Я осторожно, с опиской применил это в работе над комической ролью и достиг, я думаю, наибольшего успеха за все институтские годы – это была роль Короля в «Обыкновенном чуде» Е. Шварца (режиссура А. Германа). Макарьев выпускал наш курс с тремя спектаклями – «Гамлет». «Пигмалион» и «Любовь Яровая». Первые две пьесы были поставлены по нашей инициативе. Мастер поддержал ее и внес в спектакли много своего и как педагог и как смелый, яркий режиссер.
У Макарьева была одна особенность – умение данную мизансцену, данное конкретное замечание возвести в степень философскую, связать частное с общим, не только учить делу, но воспитывать мышление учеников.
Он отвлекался, ассоциации часто заводили его очень далеко от той темы, с которой он начал. Над ним втайне даже посмеивались за это, но теперь я понимаю, что именно в этих отступлениях, философских и лирических, была его главная сила. В самой заурядной повседневности Макарьев проявлял себя как просветитель.

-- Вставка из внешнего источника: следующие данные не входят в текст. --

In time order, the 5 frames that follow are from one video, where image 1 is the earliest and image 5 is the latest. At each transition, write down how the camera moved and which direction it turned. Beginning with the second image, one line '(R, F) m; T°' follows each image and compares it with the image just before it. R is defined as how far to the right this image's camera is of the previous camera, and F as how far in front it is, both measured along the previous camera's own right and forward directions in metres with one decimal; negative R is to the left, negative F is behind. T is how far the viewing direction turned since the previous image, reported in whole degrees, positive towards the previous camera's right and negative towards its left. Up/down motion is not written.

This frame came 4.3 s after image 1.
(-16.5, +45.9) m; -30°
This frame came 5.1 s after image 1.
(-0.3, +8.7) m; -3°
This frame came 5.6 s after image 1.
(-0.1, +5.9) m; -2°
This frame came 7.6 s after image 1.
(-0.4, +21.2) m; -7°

Разводит «Гамлета?» – и от простого определения мизансцены переходит к пьесе в целом. Отсюда – к определению круга «вечных пьес», называет этот круг, в нем – «Фауст», отсюда – почти готовое решение постановки «Фауста», определение дьявольского начала, великолепные парадоксы, доказывающие связь демонического с обывательским, и т. д.

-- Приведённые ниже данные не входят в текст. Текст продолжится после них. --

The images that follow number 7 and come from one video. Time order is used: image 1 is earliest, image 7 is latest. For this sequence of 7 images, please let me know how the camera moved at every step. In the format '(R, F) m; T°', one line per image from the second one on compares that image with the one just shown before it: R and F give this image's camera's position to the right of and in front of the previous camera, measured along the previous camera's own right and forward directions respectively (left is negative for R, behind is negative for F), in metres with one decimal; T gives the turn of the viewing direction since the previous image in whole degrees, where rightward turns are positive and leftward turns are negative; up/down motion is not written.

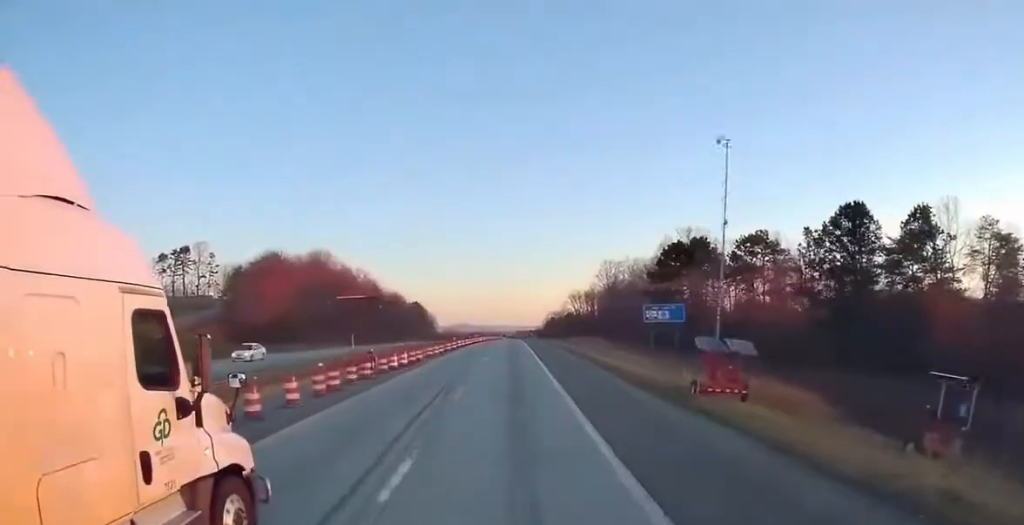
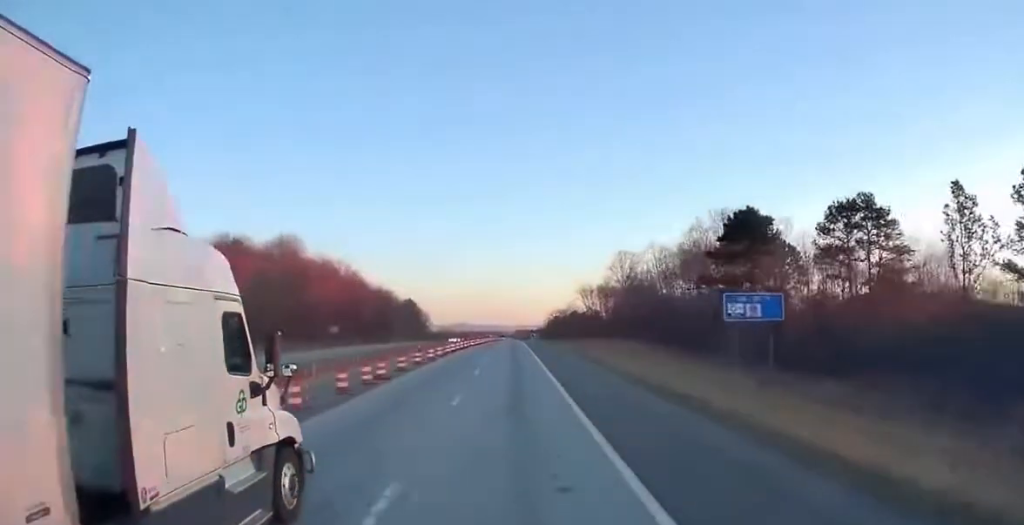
(+0.2, +26.4) m; 0°
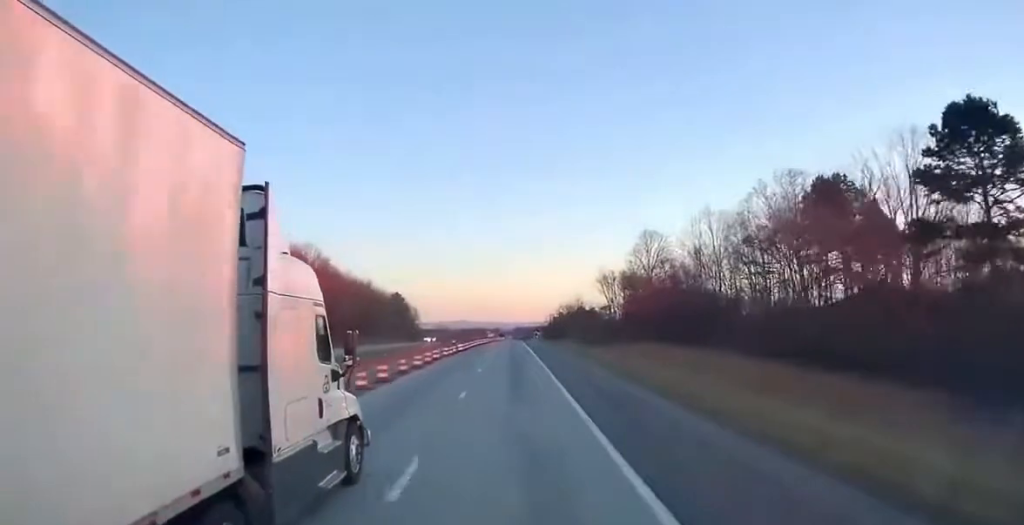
(-0.5, +34.3) m; -1°
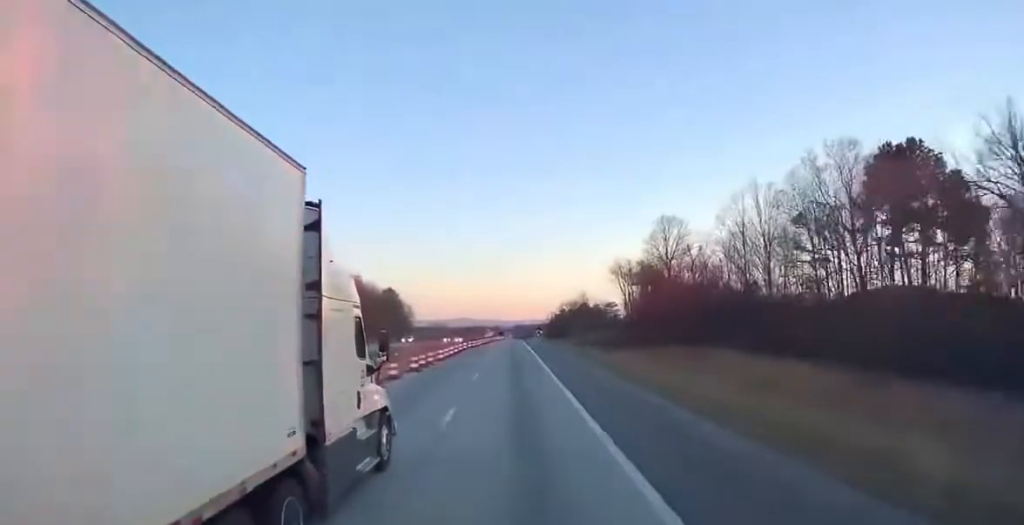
(0.0, +17.2) m; 0°
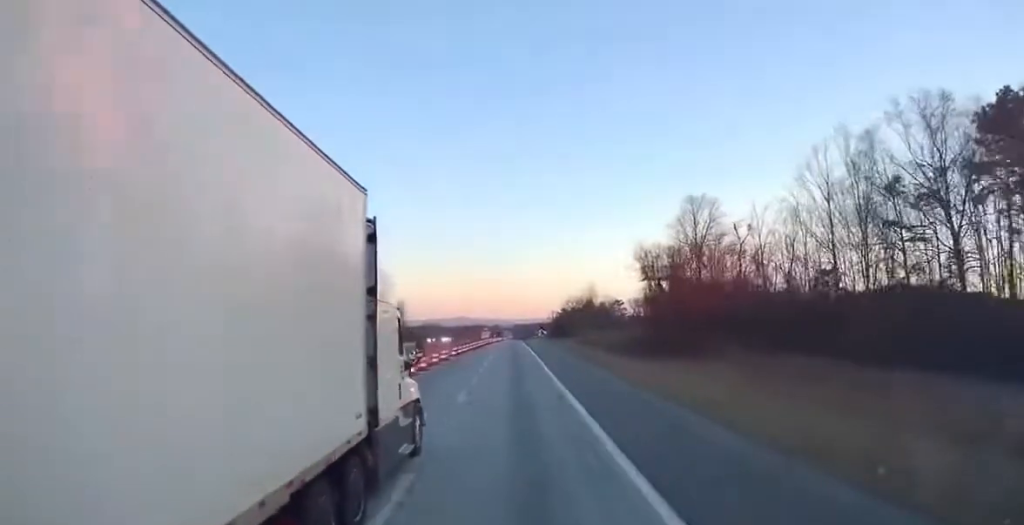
(+0.1, +20.6) m; +1°
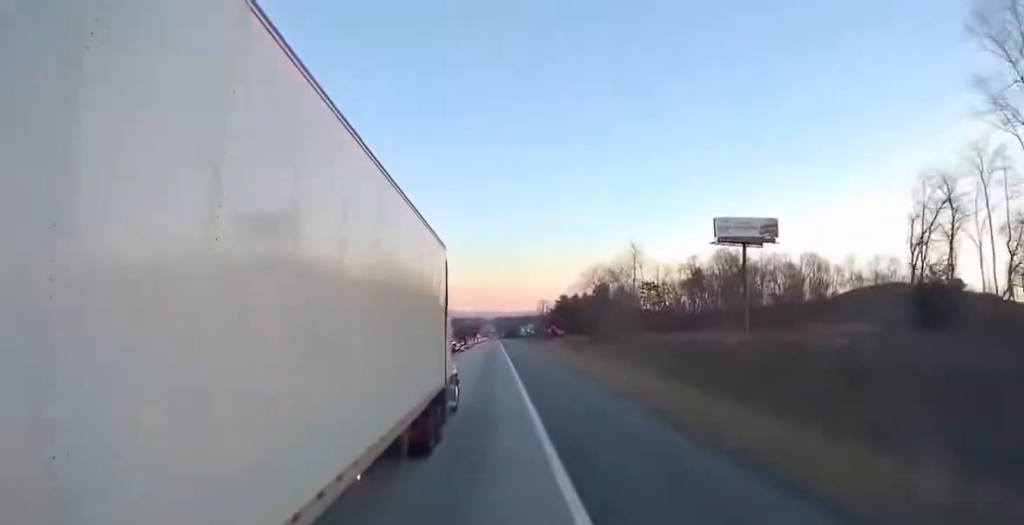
(+0.4, +82.1) m; 0°
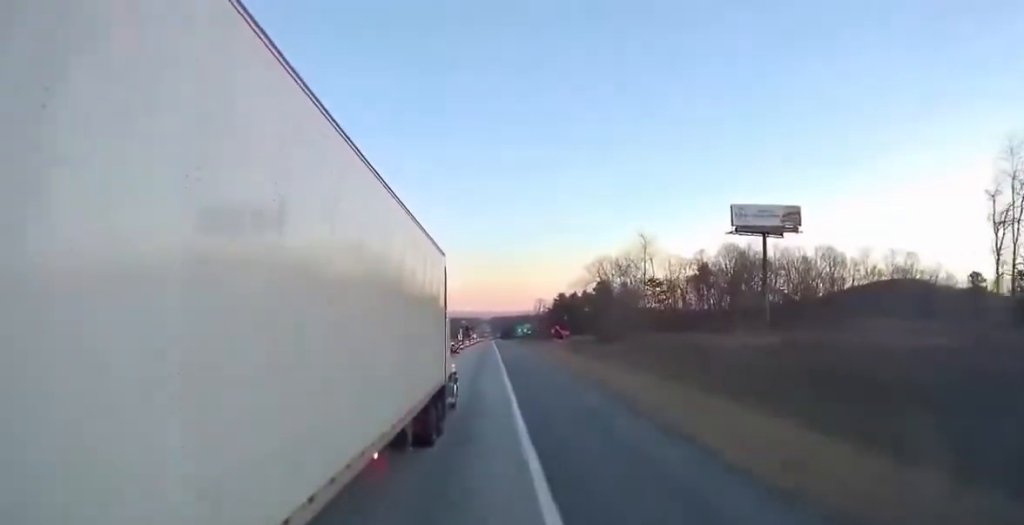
(-0.3, +12.2) m; 0°

Я помню, как он приходил на вечерние занятия – усталый, лицо серое, под глазами темные круги. Помню, как усталость эта проходила от часа к часу и далеко за полночь он легко взбегал но лестнице, показывая, как мчится к матери Гамлет. Находка следовала за находкой. Помолодевший Леонид Федорович выходил с нами на ночную Моховую и говорил:
– Искусство не должно утомлять. Это витамин. После хорошо прошедшего трудного спектакля больше сил, чем до его начала.
Таким я помню его. Таким он стоял на сцене старого ТЮЗа в день своего восьмидесятилетия – в течение пяти часов он не присел в поставленное рядом кресло. Стоя выслушивал бесчисленные приветствия. Худой, невысокий, элегантный, со слегка отставленными от тела легкими руками. Он улыбался, острил, целовал дамам руки, И в конце пятого часа, выпив предложенный бокал шампанского, произнес большую прекрасную речь, адресованную сотням собравшихся. Он уверенно стоял на подмостках своего родною театра и был великолепен – гражданин, философ, артист. джентльмен.